> _What to do_:
Leave every image out, and print the remaining lines below exactly.
——
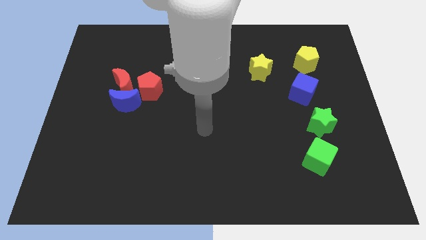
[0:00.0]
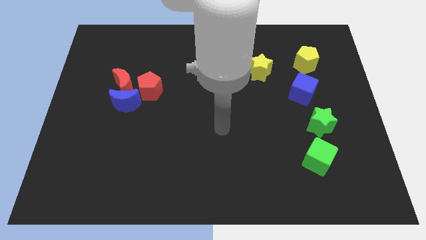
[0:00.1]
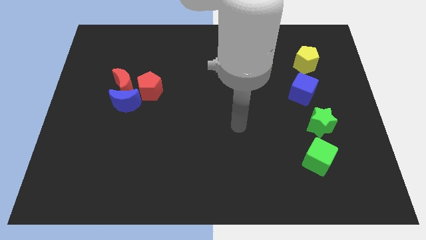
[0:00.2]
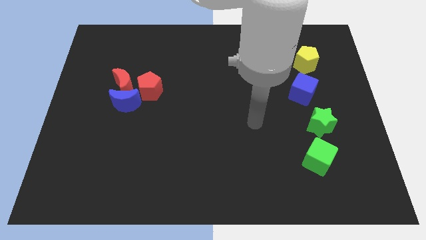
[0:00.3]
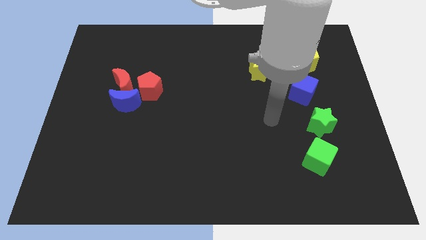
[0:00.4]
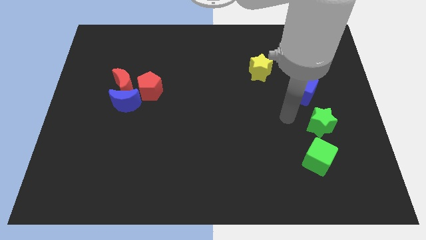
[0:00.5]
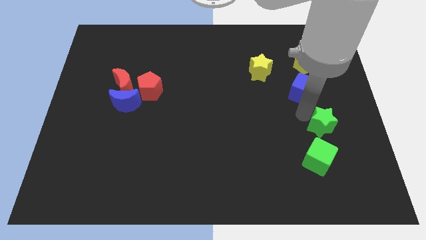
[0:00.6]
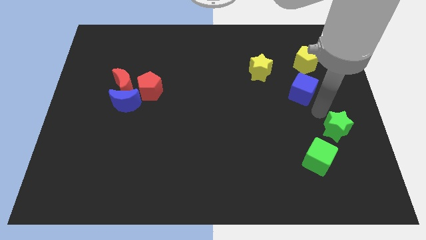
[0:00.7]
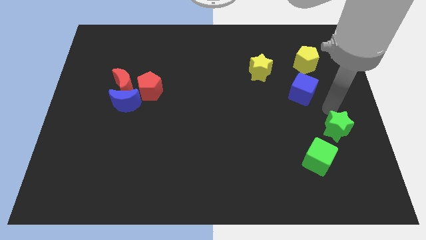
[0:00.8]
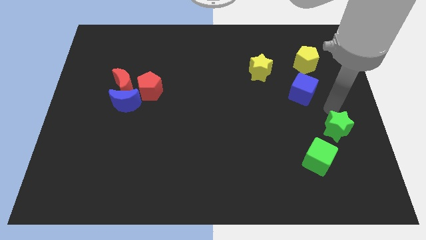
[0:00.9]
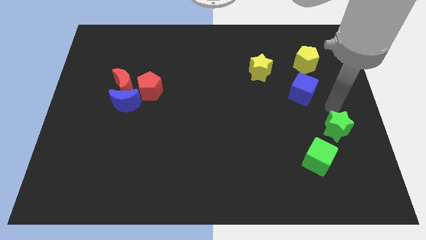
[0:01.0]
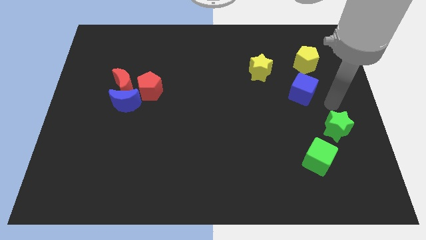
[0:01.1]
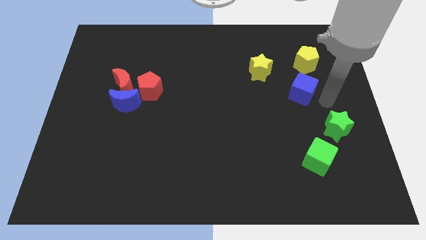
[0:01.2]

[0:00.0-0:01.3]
move the green star away from the green cube
——
> _Answer_:
[0:00.0]
[0:00.1]
[0:00.2]
[0:00.3]
[0:00.4]
[0:00.5]
[0:00.6]
[0:00.7]
[0:00.8]
[0:00.9]
[0:01.0]
[0:01.1]
[0:01.2]

[0:00.0-0:01.3]
move the green star away from the green cube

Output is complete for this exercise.